Word for word, set down every line of the entries below from the line with "#118 = DIRECTION" to the line with "#564 = VERTEX_POINT ( 'NONE', #692 ) ;", including both, and no other line.

Dataset entries:
::::::
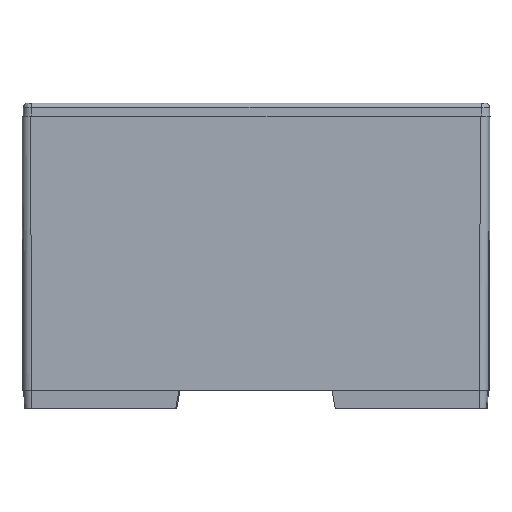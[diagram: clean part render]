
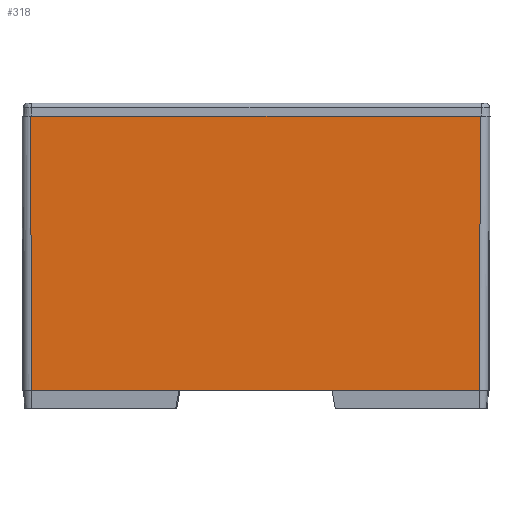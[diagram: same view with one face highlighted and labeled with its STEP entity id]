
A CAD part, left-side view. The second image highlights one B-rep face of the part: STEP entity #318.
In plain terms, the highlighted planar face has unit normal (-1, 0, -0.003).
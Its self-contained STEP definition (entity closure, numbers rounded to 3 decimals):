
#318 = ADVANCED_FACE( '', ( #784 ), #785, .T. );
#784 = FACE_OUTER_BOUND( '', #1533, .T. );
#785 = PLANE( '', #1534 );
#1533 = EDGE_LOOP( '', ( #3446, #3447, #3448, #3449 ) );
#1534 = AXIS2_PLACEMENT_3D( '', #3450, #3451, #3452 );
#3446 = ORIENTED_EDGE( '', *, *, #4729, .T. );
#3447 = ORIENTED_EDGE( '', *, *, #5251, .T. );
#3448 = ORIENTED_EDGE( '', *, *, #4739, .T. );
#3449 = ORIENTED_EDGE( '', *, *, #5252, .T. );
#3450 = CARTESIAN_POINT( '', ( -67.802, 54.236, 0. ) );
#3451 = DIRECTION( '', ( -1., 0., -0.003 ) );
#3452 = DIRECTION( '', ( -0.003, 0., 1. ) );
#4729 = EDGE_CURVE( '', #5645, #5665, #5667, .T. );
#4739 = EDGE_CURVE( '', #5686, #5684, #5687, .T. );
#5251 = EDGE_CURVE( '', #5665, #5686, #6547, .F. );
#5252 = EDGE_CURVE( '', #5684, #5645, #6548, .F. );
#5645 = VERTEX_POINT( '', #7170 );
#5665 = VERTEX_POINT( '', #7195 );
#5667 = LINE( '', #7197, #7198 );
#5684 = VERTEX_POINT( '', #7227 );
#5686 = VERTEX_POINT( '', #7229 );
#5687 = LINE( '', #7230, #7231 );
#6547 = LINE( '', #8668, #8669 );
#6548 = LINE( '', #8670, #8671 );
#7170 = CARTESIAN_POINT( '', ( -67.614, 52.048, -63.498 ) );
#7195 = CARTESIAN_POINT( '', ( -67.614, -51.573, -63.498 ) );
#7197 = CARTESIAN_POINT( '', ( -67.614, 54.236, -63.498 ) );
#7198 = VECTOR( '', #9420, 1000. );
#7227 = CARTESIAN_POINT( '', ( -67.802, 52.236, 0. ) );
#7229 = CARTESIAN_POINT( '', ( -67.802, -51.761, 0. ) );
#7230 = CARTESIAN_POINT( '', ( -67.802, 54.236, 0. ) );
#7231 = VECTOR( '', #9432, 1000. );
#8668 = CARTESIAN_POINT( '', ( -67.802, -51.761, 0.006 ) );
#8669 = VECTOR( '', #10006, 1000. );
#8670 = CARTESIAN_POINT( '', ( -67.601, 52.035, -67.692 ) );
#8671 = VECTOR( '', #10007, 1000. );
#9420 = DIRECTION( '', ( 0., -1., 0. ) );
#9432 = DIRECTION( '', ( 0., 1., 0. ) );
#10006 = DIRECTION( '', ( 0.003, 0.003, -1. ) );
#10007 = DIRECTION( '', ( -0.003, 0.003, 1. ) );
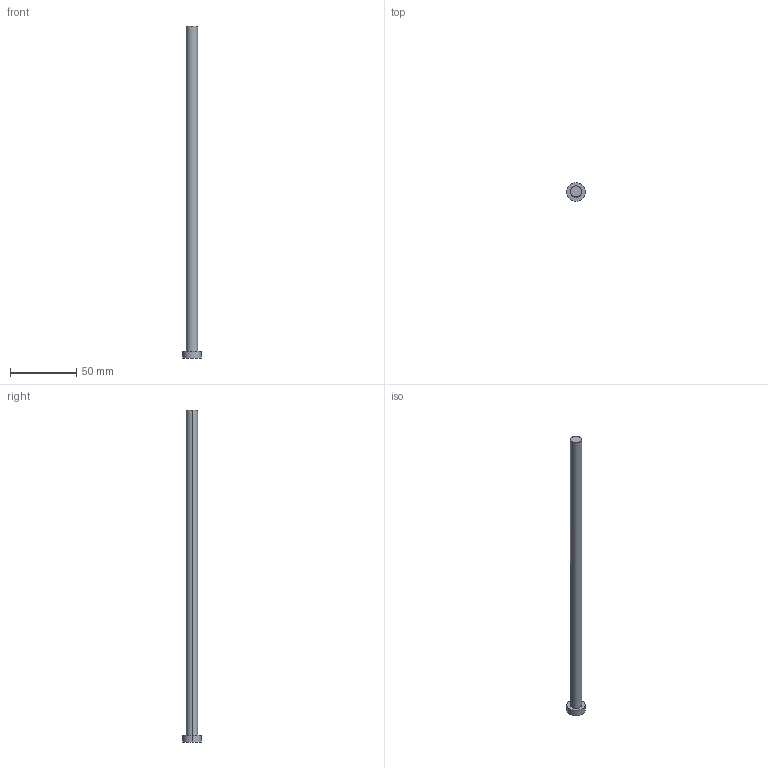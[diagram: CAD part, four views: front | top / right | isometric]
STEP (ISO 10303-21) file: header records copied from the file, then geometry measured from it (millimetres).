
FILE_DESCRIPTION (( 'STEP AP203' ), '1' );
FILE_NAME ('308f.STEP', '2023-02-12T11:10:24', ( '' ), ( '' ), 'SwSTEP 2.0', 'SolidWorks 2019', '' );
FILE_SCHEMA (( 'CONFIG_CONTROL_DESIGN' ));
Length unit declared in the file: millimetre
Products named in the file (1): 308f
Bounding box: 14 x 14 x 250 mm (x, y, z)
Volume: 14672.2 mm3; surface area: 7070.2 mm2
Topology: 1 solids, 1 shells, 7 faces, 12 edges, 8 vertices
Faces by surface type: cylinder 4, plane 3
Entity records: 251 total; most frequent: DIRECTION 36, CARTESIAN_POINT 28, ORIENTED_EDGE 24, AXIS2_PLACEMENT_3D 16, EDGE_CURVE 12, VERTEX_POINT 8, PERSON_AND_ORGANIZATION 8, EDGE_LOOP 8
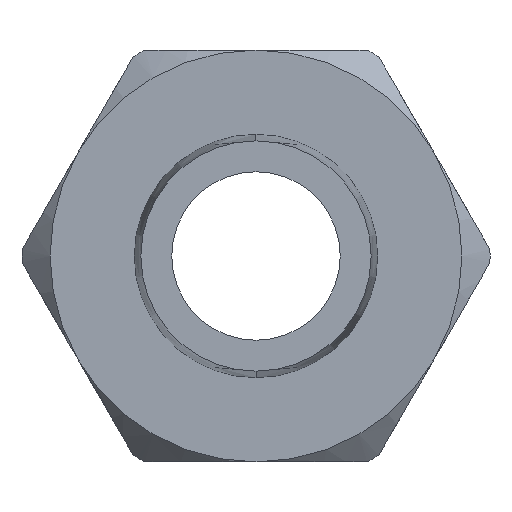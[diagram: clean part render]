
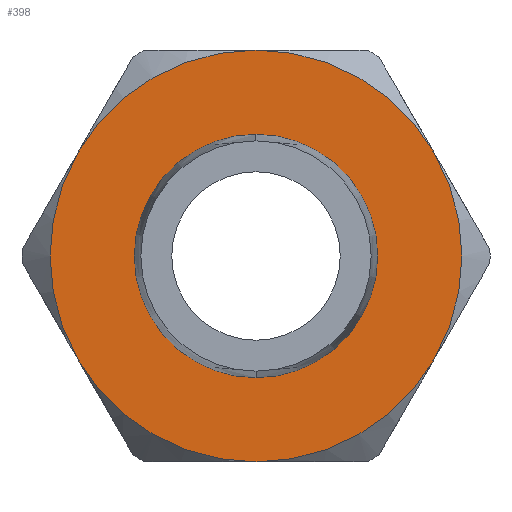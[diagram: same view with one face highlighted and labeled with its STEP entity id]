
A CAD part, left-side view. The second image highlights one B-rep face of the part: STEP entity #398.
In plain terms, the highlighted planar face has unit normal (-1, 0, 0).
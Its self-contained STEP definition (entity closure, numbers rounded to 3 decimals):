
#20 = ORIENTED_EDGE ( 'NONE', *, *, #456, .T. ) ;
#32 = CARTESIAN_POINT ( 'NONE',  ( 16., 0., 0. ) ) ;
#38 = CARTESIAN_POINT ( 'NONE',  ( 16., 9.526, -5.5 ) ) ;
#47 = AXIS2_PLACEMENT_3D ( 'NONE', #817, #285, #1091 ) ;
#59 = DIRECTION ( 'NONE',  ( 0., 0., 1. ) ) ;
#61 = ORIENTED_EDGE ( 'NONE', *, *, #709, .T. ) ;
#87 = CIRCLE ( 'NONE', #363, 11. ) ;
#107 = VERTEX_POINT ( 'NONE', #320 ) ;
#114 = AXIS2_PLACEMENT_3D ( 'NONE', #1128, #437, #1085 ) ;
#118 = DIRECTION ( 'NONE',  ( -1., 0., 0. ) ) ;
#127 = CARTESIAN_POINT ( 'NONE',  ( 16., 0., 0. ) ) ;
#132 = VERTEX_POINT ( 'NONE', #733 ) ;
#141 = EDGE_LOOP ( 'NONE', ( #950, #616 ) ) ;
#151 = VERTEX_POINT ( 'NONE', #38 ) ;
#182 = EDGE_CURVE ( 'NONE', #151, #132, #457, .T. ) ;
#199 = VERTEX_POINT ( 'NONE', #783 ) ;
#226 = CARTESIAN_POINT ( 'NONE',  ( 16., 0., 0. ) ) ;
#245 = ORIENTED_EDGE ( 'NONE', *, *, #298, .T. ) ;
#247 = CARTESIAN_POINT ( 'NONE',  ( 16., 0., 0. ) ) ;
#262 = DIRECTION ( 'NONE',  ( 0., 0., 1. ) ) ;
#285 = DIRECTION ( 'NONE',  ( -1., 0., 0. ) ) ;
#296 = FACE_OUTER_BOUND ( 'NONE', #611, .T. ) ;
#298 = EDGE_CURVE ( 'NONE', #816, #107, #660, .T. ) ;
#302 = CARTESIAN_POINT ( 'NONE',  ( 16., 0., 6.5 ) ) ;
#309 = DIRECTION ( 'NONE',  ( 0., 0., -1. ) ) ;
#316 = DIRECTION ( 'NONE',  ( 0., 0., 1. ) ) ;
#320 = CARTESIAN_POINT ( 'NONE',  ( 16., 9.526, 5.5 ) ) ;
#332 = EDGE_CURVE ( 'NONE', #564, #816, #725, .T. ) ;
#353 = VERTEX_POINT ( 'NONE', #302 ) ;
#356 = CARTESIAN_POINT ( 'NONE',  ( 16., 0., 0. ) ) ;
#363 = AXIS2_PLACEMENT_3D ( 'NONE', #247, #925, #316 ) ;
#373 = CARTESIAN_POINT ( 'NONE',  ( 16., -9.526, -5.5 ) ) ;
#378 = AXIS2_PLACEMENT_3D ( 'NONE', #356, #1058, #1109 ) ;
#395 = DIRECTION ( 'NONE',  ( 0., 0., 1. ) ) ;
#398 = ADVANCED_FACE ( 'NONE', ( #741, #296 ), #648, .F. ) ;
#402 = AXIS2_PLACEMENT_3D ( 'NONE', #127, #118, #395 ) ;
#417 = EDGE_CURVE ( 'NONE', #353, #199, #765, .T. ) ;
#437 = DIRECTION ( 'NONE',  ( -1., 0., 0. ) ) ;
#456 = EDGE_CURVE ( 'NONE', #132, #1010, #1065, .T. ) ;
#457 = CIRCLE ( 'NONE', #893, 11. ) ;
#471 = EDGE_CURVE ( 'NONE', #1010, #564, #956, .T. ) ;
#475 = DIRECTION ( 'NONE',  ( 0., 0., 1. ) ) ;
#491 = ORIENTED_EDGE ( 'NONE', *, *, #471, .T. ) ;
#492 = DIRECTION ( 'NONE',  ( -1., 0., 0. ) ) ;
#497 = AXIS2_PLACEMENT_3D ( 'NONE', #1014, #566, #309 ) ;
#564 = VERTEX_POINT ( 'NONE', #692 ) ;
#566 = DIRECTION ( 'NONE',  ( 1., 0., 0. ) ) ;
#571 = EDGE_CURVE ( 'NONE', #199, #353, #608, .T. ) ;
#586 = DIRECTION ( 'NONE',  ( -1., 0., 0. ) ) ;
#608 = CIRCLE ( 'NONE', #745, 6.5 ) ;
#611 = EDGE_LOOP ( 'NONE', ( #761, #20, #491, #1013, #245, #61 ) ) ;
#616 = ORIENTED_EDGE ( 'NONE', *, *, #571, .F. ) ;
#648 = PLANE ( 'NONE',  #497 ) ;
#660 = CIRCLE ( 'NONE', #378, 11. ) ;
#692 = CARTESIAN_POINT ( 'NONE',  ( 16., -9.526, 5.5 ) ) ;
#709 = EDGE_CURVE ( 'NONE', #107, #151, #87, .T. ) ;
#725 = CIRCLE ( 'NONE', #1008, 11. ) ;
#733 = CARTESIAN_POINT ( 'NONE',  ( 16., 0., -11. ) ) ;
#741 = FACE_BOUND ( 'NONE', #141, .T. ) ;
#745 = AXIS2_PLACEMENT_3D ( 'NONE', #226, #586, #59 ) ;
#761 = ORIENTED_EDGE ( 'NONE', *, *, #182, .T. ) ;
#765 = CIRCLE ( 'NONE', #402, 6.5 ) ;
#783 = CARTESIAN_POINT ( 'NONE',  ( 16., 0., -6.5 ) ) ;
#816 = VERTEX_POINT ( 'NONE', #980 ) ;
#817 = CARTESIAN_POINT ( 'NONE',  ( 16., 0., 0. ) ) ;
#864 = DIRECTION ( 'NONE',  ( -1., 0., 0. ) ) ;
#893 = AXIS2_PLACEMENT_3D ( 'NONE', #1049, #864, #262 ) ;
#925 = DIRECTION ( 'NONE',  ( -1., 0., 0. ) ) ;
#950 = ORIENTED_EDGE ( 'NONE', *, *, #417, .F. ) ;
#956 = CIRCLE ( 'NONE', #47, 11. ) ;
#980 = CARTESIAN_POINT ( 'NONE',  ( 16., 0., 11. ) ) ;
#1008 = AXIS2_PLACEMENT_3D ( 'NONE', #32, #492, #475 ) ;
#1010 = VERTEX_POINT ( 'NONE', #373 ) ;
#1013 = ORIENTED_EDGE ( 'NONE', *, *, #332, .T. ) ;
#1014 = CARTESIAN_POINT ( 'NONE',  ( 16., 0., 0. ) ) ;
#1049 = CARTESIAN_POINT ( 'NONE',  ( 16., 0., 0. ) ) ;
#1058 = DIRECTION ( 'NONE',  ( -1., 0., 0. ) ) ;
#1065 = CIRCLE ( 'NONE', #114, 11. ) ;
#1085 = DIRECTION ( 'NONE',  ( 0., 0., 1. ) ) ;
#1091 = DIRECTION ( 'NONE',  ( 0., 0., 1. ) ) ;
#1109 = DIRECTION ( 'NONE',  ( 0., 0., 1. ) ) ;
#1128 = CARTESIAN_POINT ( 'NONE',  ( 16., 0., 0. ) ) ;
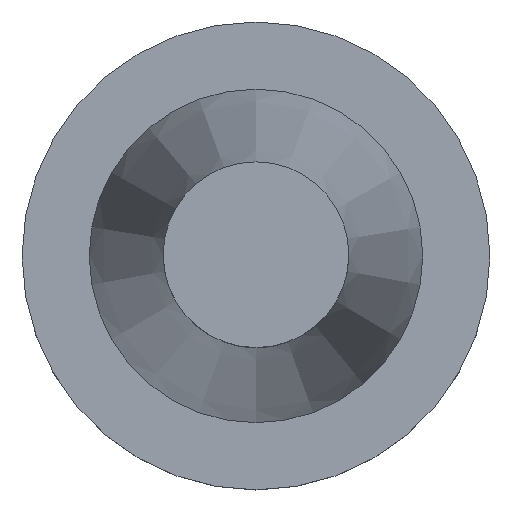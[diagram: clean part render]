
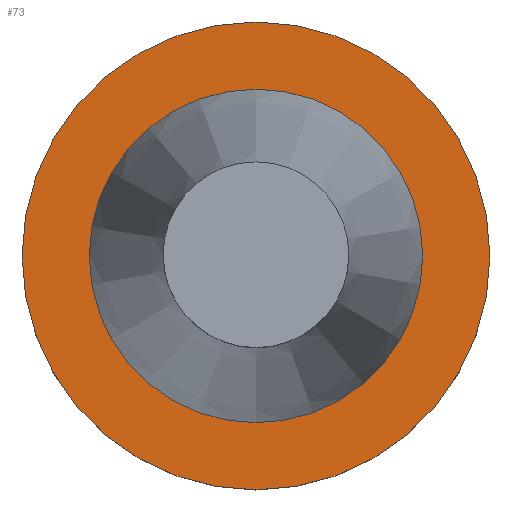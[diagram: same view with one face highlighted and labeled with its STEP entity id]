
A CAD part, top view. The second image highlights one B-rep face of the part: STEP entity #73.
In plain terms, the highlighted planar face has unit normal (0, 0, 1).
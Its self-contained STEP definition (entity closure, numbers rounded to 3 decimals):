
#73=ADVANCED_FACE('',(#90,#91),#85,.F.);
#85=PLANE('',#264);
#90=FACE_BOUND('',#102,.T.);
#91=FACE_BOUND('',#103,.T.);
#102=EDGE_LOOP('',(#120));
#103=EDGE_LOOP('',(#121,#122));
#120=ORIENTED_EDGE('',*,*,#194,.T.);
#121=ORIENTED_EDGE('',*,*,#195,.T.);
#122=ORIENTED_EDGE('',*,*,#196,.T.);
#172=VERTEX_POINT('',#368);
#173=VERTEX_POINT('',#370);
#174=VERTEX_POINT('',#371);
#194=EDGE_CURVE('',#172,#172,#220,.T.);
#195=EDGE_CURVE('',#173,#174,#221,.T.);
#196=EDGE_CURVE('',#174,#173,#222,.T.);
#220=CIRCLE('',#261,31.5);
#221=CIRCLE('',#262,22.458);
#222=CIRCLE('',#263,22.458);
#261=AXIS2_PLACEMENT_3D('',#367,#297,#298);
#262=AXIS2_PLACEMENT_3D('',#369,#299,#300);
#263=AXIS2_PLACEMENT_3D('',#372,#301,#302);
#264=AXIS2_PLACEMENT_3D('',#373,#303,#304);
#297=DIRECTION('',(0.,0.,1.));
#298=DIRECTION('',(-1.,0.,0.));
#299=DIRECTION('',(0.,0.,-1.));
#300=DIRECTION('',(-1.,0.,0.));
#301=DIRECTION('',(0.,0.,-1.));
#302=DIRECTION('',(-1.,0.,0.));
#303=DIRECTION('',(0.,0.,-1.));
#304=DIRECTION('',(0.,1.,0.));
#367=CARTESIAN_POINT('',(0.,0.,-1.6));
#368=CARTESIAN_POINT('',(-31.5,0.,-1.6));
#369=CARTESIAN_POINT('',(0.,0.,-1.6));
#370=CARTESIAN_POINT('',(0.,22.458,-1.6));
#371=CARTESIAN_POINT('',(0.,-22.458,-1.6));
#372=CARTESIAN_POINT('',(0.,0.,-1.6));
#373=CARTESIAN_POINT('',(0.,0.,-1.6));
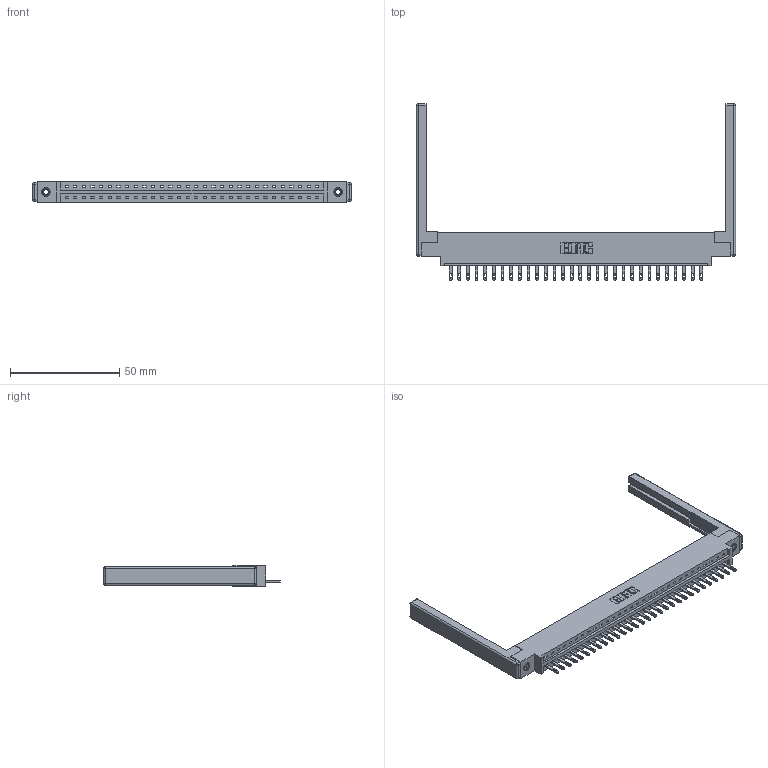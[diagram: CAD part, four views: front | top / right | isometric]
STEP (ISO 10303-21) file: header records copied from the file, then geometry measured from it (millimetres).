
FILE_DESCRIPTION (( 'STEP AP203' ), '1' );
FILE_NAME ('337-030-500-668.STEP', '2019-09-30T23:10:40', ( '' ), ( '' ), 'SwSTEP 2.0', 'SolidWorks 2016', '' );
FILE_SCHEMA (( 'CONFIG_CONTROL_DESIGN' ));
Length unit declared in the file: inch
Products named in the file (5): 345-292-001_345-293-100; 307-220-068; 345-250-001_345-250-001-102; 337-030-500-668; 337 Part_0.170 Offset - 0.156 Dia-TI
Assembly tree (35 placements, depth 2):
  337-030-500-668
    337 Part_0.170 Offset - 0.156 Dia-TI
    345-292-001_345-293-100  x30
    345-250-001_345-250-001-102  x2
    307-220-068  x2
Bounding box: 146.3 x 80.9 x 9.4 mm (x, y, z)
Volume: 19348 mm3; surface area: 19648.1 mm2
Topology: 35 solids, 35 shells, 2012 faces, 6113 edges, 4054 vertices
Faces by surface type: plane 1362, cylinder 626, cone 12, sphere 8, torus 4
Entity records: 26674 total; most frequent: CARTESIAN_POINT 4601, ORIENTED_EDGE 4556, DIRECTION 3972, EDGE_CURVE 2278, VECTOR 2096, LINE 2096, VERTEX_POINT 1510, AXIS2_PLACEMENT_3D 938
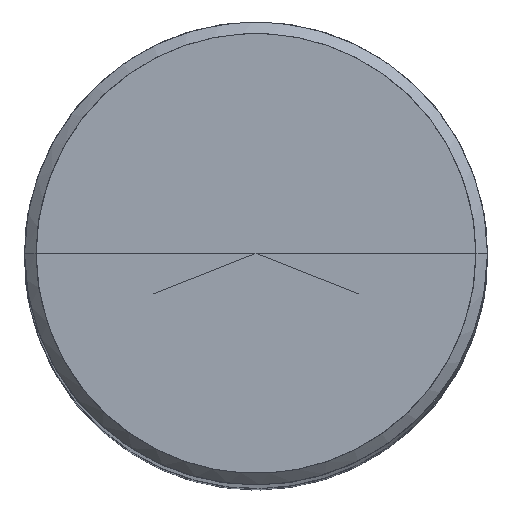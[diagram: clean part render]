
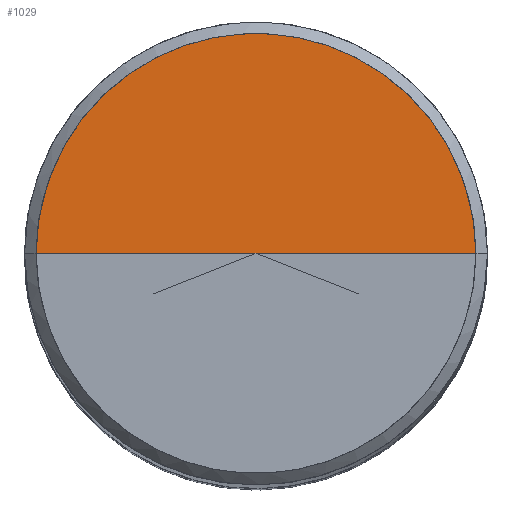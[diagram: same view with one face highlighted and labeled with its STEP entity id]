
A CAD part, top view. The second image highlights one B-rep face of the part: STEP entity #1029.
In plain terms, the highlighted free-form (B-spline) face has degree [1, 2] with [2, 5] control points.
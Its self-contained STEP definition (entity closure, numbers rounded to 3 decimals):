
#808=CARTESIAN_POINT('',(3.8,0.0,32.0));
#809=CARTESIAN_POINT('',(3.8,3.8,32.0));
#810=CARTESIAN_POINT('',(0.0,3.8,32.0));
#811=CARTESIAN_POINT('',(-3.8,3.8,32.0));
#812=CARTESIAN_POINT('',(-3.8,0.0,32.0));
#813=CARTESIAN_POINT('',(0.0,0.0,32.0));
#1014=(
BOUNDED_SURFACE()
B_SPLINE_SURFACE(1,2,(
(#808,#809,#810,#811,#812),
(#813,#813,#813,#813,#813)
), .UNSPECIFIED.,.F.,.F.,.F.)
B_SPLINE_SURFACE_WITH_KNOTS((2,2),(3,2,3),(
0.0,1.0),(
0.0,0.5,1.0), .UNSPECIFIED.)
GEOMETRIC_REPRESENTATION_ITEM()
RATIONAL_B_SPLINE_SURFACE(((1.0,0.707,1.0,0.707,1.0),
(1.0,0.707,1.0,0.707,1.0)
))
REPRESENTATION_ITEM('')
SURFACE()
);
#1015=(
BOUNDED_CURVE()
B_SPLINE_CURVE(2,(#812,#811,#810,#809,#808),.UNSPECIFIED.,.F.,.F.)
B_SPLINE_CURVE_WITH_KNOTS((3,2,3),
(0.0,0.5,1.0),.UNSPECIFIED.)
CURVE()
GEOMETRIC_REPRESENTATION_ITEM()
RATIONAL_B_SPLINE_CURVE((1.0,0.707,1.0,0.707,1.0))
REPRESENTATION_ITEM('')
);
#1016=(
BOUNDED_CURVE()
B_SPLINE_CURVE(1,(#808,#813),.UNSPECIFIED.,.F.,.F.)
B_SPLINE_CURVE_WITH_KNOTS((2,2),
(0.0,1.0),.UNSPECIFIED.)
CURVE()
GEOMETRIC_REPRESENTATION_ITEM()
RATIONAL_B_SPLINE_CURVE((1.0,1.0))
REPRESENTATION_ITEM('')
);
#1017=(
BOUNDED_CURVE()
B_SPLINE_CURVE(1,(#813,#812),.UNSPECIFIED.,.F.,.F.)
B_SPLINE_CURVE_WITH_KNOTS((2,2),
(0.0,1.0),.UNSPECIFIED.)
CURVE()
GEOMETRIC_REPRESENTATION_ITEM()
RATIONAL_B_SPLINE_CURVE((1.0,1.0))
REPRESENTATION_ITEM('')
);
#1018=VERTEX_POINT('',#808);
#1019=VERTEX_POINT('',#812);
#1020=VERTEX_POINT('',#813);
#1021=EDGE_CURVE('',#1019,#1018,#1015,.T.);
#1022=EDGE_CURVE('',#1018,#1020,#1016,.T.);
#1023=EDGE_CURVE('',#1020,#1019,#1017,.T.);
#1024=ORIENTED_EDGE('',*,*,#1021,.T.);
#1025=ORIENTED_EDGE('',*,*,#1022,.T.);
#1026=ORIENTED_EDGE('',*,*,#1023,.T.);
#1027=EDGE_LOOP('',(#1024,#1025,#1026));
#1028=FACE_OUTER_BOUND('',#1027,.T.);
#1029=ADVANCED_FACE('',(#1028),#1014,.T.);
::::::
Response to this task:
#118 = DIRECTION ( 'NONE',  ( -1., 0., 0. ) ) ;
#127 = CARTESIAN_POINT ( 'NONE',  ( 16., 0., 0. ) ) ;
#132 = VERTEX_POINT ( 'NONE', #733 ) ;
#141 = EDGE_LOOP ( 'NONE', ( #950, #616 ) ) ;
#151 = VERTEX_POINT ( 'NONE', #38 ) ;
#182 = EDGE_CURVE ( 'NONE', #151, #132, #457, .T. ) ;
#199 = VERTEX_POINT ( 'NONE', #783 ) ;
#226 = CARTESIAN_POINT ( 'NONE',  ( 16., 0., 0. ) ) ;
#245 = ORIENTED_EDGE ( 'NONE', *, *, #298, .T. ) ;
#247 = CARTESIAN_POINT ( 'NONE',  ( 16., 0., 0. ) ) ;
#262 = DIRECTION ( 'NONE',  ( 0., 0., 1. ) ) ;
#285 = DIRECTION ( 'NONE',  ( -1., 0., 0. ) ) ;
#296 = FACE_OUTER_BOUND ( 'NONE', #611, .T. ) ;
#298 = EDGE_CURVE ( 'NONE', #816, #107, #660, .T. ) ;
#302 = CARTESIAN_POINT ( 'NONE',  ( 16., 0., 6.5 ) ) ;
#309 = DIRECTION ( 'NONE',  ( 0., 0., -1. ) ) ;
#316 = DIRECTION ( 'NONE',  ( 0., 0., 1. ) ) ;
#320 = CARTESIAN_POINT ( 'NONE',  ( 16., 9.526, 5.5 ) ) ;
#332 = EDGE_CURVE ( 'NONE', #564, #816, #725, .T. ) ;
#353 = VERTEX_POINT ( 'NONE', #302 ) ;
#356 = CARTESIAN_POINT ( 'NONE',  ( 16., 0., 0. ) ) ;
#363 = AXIS2_PLACEMENT_3D ( 'NONE', #247, #925, #316 ) ;
#373 = CARTESIAN_POINT ( 'NONE',  ( 16., -9.526, -5.5 ) ) ;
#378 = AXIS2_PLACEMENT_3D ( 'NONE', #356, #1058, #1109 ) ;
#395 = DIRECTION ( 'NONE',  ( 0., 0., 1. ) ) ;
#398 = ADVANCED_FACE ( 'NONE', ( #741, #296 ), #648, .F. ) ;
#402 = AXIS2_PLACEMENT_3D ( 'NONE', #127, #118, #395 ) ;
#417 = EDGE_CURVE ( 'NONE', #353, #199, #765, .T. ) ;
#437 = DIRECTION ( 'NONE',  ( -1., 0., 0. ) ) ;
#456 = EDGE_CURVE ( 'NONE', #132, #1010, #1065, .T. ) ;
#457 = CIRCLE ( 'NONE', #893, 11. ) ;
#471 = EDGE_CURVE ( 'NONE', #1010, #564, #956, .T. ) ;
#475 = DIRECTION ( 'NONE',  ( 0., 0., 1. ) ) ;
#491 = ORIENTED_EDGE ( 'NONE', *, *, #471, .T. ) ;
#492 = DIRECTION ( 'NONE',  ( -1., 0., 0. ) ) ;
#497 = AXIS2_PLACEMENT_3D ( 'NONE', #1014, #566, #309 ) ;
#564 = VERTEX_POINT ( 'NONE', #692 ) ;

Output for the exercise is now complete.